Background Jobs for Everything Slow

If an API request triggers something that takes more than ~200ms (send email, resize image, call a slow third-party API, run ML inference), move it to a background queue. The user gets an immediate 202 Accepted; the work happens asynchronously. This is one of the highest-leverage architectural decisions you can make early.

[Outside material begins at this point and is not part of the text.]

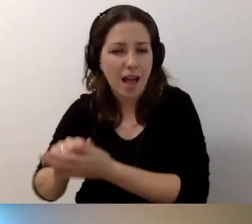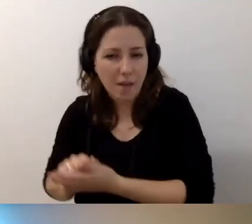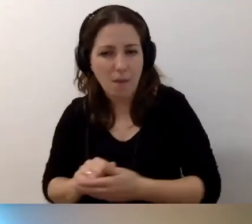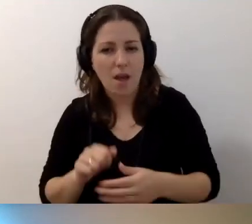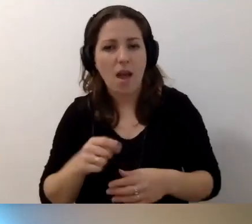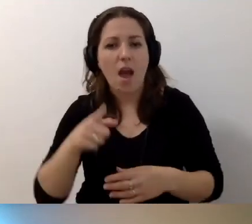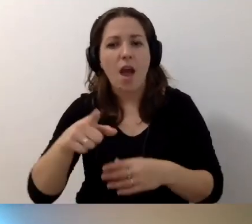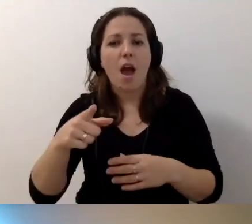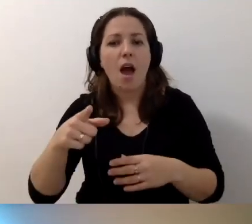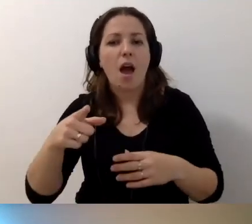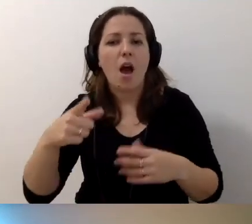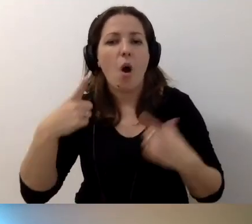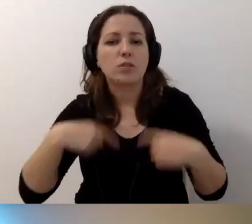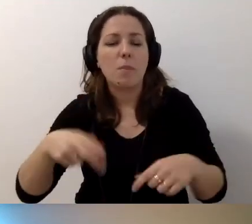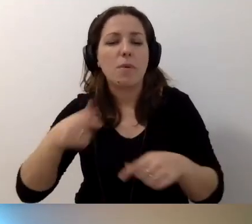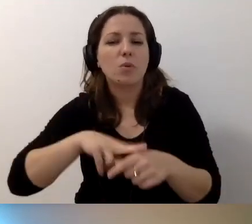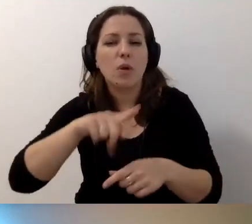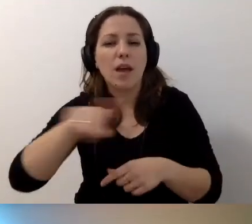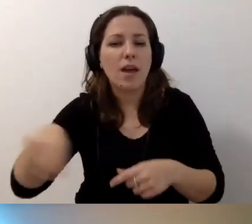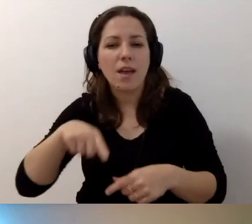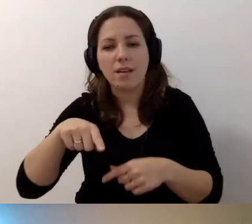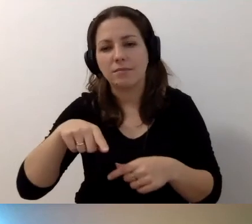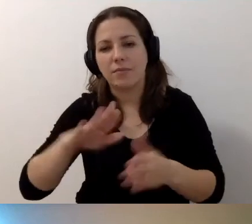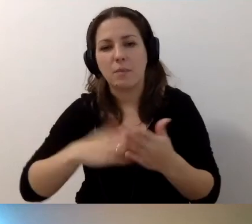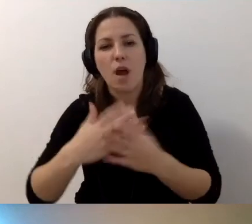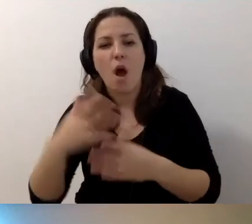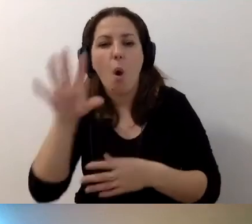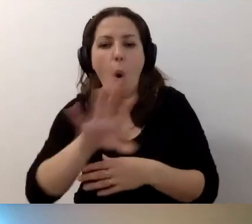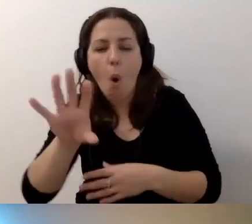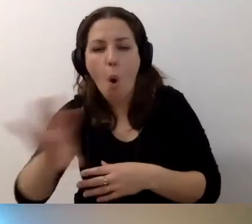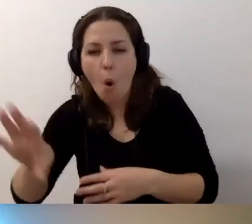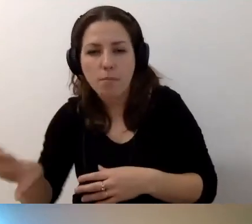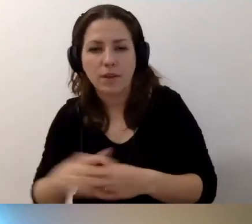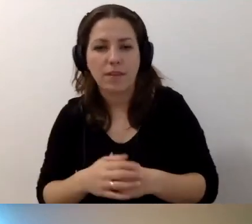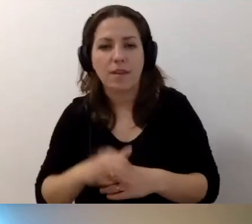Które np. obserwujecie i dochodzicie do wniosku:

constructionReal-World Constraints Architecture Ignores

Textbook architecture discusses systems as if they're built by one person who has unlimited time. In practice:

• Team size determines module boundaries. A 3-person team can be loose about service contracts; a 20-person team cannot. Enforce interfaces early — they become team contracts.
• Deploy early, deploy often. An architecture that requires a 2-week integration testing phase before deploy is not scalable in the engineering sense. CI/CD is an architectural decision, not a DevOps one.
• Observability is not optional. Structured logging, distributed tracing (OpenTelemetry), and uptime metrics should be in from day one. Debugging a production issue with no observability is a multi-day ordeal.
• Migration strategy matters more than initial schema. Your first schema is almost always wrong. Budget for migrations. Use a migration tool (Flyway, Prisma Migrate) from the first commit.

"The biggest source of technical debt is not bad code — it's good code in the wrong place."

flagThe Mindset Shift

Junior engineers ask "how do I build this feature?" Senior engineers ask "where does this feature live, what does it touch, and what breaks if it changes?" Architecture is the practice of answering the second question before writing any code for the first.

The patterns here — layered services, stateless backends, typed contracts, external state, background queues — aren't rules. They're accumulated answers to the question: what decisions are hardest to change later? Make those well, and the rest is surprisingly flexible.